= Sidney Lau romanisation =

Romanisation system for Cantonese

Sidney Lau romanisation is a system of romanisation for Cantonese that was developed in the 1970s by Sidney Lau for Cantonese textbooks, glossaries, and dictionary.

==Innovation==
Lau's romanisation indicates tonality with superscript numbers, so no diacritics are required. He uses an English style of writing the vowels, as had some romanizations before him. His system was a plain attempt at simplification which proved popular with western learners of Cantonese as a second language and was initially the system of romanisation adopted by the University of Hong Kong. However, the university now employs the Jyutping system for its Cantonese courses.

==Initials ==

| b /p/ 巴 | p /pʰ/ 怕 | m /m/ 媽 | f /f/ 花 |  |
| d /t/ 打 | t /tʰ/ 他 | n /n/ 那 |  | l /l/ 啦 |
| g /k/ 家 | k /kʰ/ 卡 | ng /ŋ/ 牙 | h /h/ 蝦 |  |
| gw /kʷ/ 瓜 | kw /kʷʰ/ 誇 |  |  | w /w/ 蛙 |
| j /ts/ 渣 | ch /tsʰ/ 叉 |  | s /s/ 沙 | y /j/ 也 |

== Finals ==
In his system, Lau treats /ɵ/ and /o/ as allophones of one phoneme represented with "u", while they are often respectively regarded as allophones of /œ:/ and /u:/ in other systems.

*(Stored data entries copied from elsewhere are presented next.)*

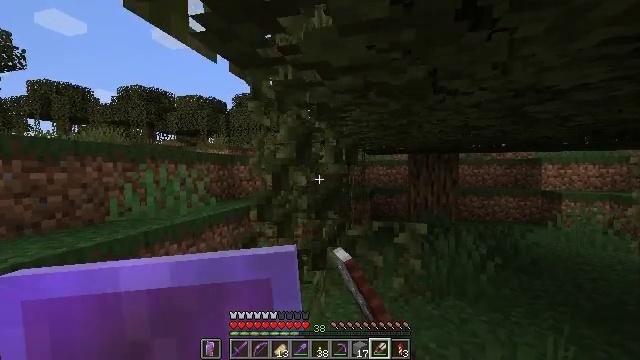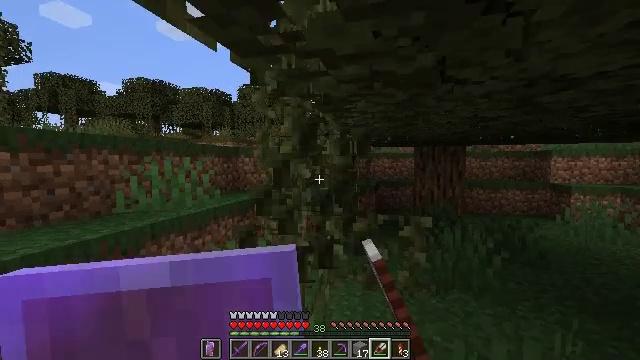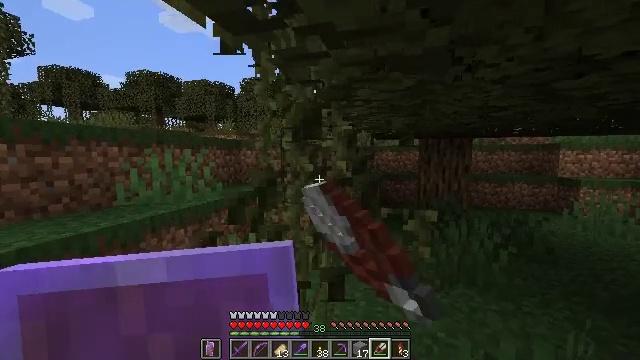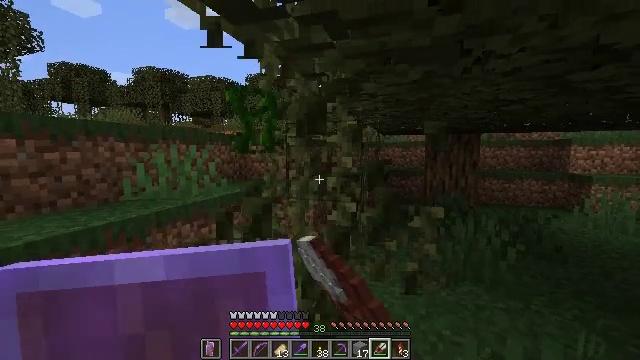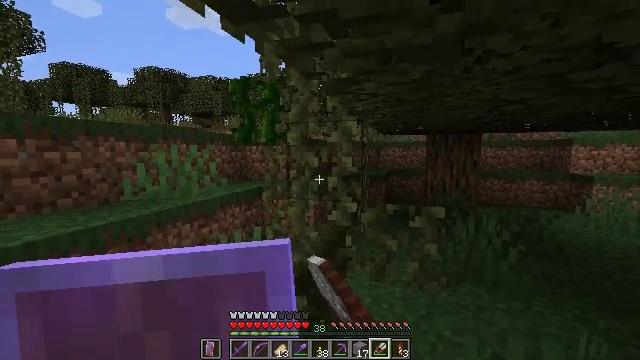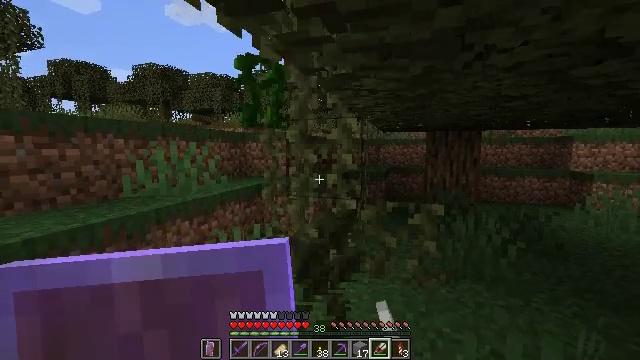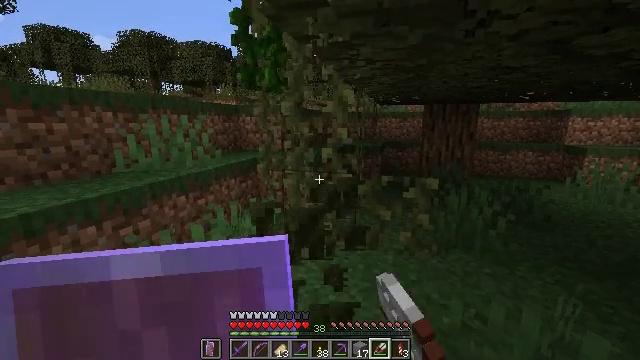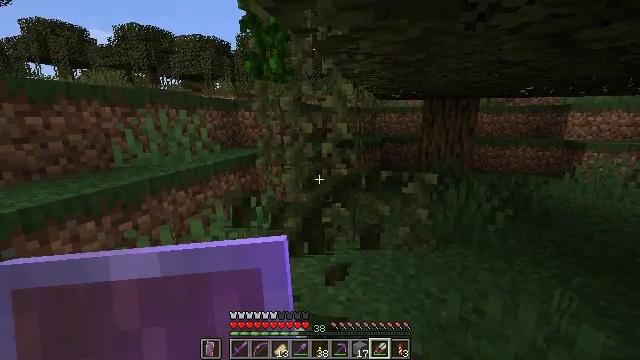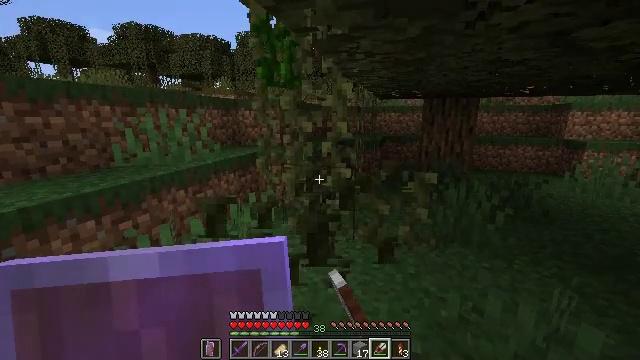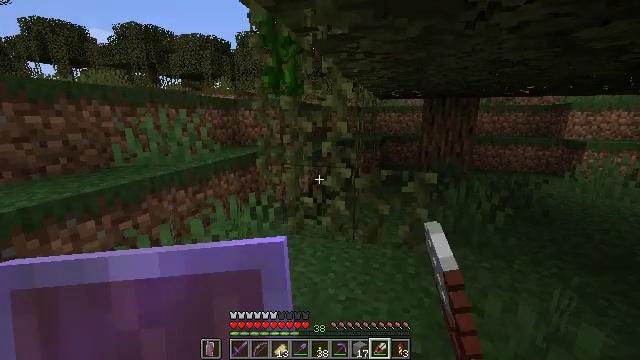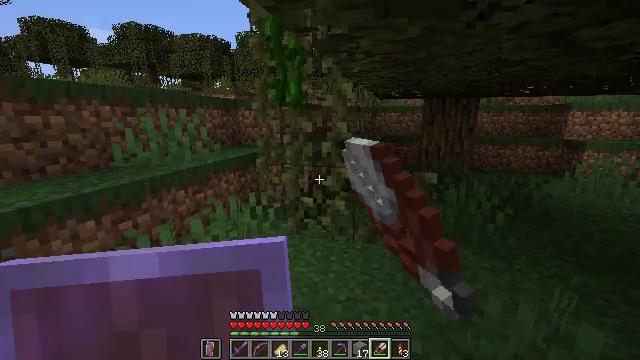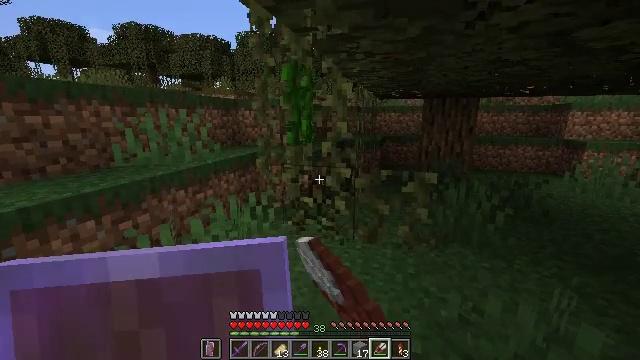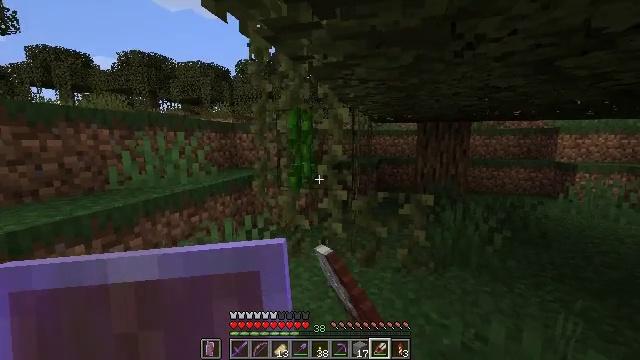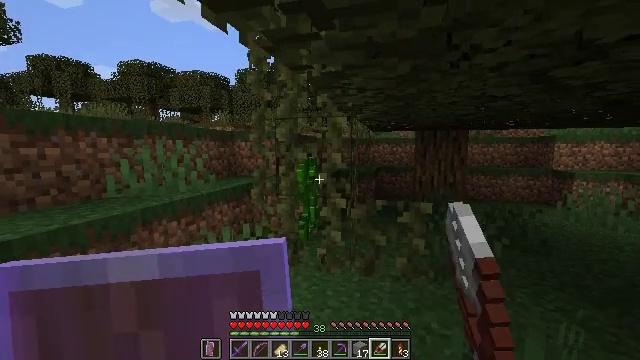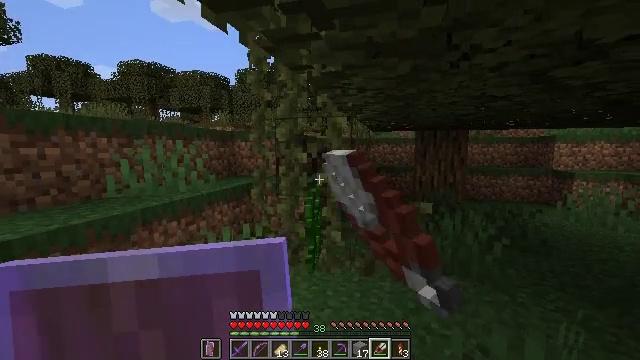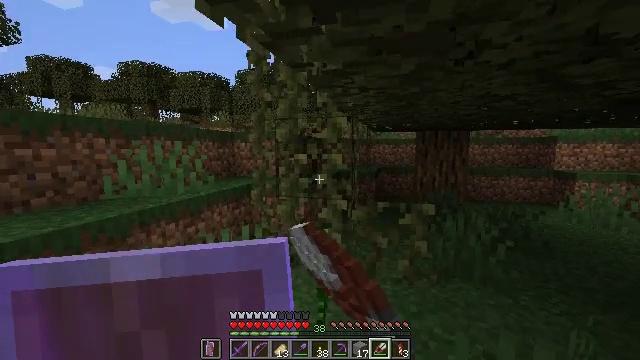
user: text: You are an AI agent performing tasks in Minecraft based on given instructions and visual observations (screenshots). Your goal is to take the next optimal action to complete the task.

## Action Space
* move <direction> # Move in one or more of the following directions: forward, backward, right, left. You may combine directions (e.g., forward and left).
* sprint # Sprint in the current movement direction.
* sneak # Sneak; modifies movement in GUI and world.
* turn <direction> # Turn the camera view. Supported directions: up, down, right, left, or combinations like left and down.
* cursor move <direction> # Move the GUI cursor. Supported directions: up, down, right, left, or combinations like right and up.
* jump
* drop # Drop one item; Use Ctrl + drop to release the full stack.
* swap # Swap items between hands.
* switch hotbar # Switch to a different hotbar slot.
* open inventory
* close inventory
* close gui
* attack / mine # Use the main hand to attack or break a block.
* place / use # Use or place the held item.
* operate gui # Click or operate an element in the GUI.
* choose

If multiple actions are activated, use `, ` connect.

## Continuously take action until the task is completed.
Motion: motion action
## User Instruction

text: Remove and gather vines.
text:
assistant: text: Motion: turn left and down, attack / mine
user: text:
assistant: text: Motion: turn down, attack / mine
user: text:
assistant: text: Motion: turn left, attack / mine
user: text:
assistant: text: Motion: attack / mine
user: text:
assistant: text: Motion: attack / mine
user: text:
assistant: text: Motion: turn down, attack / mine
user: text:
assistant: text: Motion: turn down, attack / mine
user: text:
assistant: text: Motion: attack / mine
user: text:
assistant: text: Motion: attack / mine
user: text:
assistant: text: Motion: attack / mine
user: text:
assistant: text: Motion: attack / mine
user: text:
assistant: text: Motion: turn up, attack / mine
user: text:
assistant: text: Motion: turn up, attack / mine
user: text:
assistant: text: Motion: attack / mine
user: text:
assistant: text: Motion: move forward, attack / mine
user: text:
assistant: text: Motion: move forward, attack / mine
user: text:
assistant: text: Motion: move forward, attack / mine
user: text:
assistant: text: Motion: move forward, attack / mine
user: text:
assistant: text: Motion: attack / mine
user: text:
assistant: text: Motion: attack / mine
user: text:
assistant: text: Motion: attack / mine
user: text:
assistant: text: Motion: attack / mine
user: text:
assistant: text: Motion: attack / mine
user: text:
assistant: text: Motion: attack / mine
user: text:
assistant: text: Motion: turn down, attack / mine
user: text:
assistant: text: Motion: turn down, attack / mine
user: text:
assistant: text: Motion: turn down, attack / mine
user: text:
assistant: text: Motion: attack / mine
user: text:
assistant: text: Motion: attack / mine
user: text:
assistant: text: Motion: attack / mine

|  |  | Coda |  |  |  |  |  |  |  |  |
| ∅ | /i/ | /u/ | /m/ | /n/ | /ŋ/ | /p̚/ | /t̚/ | /k̚/ |
| Vowel | /aː/ | a /aː/ 沙 | aai /aːi̯/ 徙 | aau /aːu̯/ 梢 | aam /aːm/ 三 | aan /aːn/ 山 | aang /aːŋ/ 坑 | aap /aːp̚/ 圾 | aat /aːt̚/ 剎 | aak /aːk̚/ 客 |
| /ɐ/ |  | ai /ɐi̯/ 西 | au /ɐu̯/ 收 | am /ɐm/ 心 | an /ɐn/ 新 | ang /ɐŋ/ 笙 | ap /ɐp̚/ 濕 | at /ɐt̚/ 失 | ak /ɐk̚/ 塞 |
| /ɛː/ /e/ | e /ɛː/ 些 | ei /ei̯/ 四 |  |  |  | eng /ɛːŋ/ 鄭 |  |  | ek /ɛːk̚/ 石 |
| /iː/ | i /iː/ 詩 |  | iu /iːu̯/ 消 | im /iːm/ 閃 | in /iːn/ 先 | ing /eŋ/ 星 | ip /iːp̚/ 攝 | it /iːt̚/ 洩 | ik /ek̚/ 識 |
| /ɔː/ | oh /ɔː/ 疏 | oi /ɔːy̯/ 開 | o /ou̯/ 蘇 |  | on /ɔːn/ 看 | ong /ɔːŋ/ 康 |  | ot /ɔːt̚/ 喝 | ok /ɔːk̚/ 索 |
| /uː/ | oo /uː/ 夫 | ooi /uːy̯/ 灰 |  |  | oon /uːn/ 寬 |  |  | oot /uːt̚/ 闊 |  |
| /ɵ/ /ʊ/ |  | ui /ɵy̯/ 需 |  |  | un /ɵn/ 詢 | ung /ʊŋ/ 鬆 |  | ut /ɵt̚/ 摔 | uk /ʊk̚/ 叔 |
| /œː/ | euh /œː/ 靴 |  |  |  |  | eung /œːŋ/ 商 |  |  | euk /œːk̚/ 削 |
| /yː/ | ue /yː/ 書 |  |  |  | uen /yːn/ 孫 |  |  | uet /yːt̚/ 雪 |  |
| ∅ |  |  |  | m /m̩/ 唔 |  | ng /ŋ̍/ 五 |  |  |  |

==Tones==

| Tone symbol | Tone description | Example |  |  |
| Romanization | Word | Meaning |
| 1° or N° | high flat | si^{1}° | 詩 | poem |
| ga^{1} je^{2}° | 家姐 | elder sister |
| 1 | high falling | tim^{1} | 添 | final particle expressing the idea of addition or regret. |
| 2 or N* | mid rising | si^{2} | 史 | history |
| dik^{1} si^{6}* | 的士 | taxi |
| 3 | mid flat | si^{3} | 試 | try |
| 4 | low falling | si^{4} | 時 | time |
| 5 | low rising | si^{5} | 市 | city |
| 6 | low flat | si^{6} | 是 | is |

1° indicates the high flat tone. If ° appears after any other tones, it signifies a changed tone and that the word is to be pronounced as 1°, but 1° is not the original/normal tone of the word. Similar to °, if * appears after any tones apart from tone 2, it indicates that the word is to be pronounced as tone 2, but tone 2 is not the original/normal tone of the word. When the asterisk and small circle are applied to a superscript number, they are not superscripted further.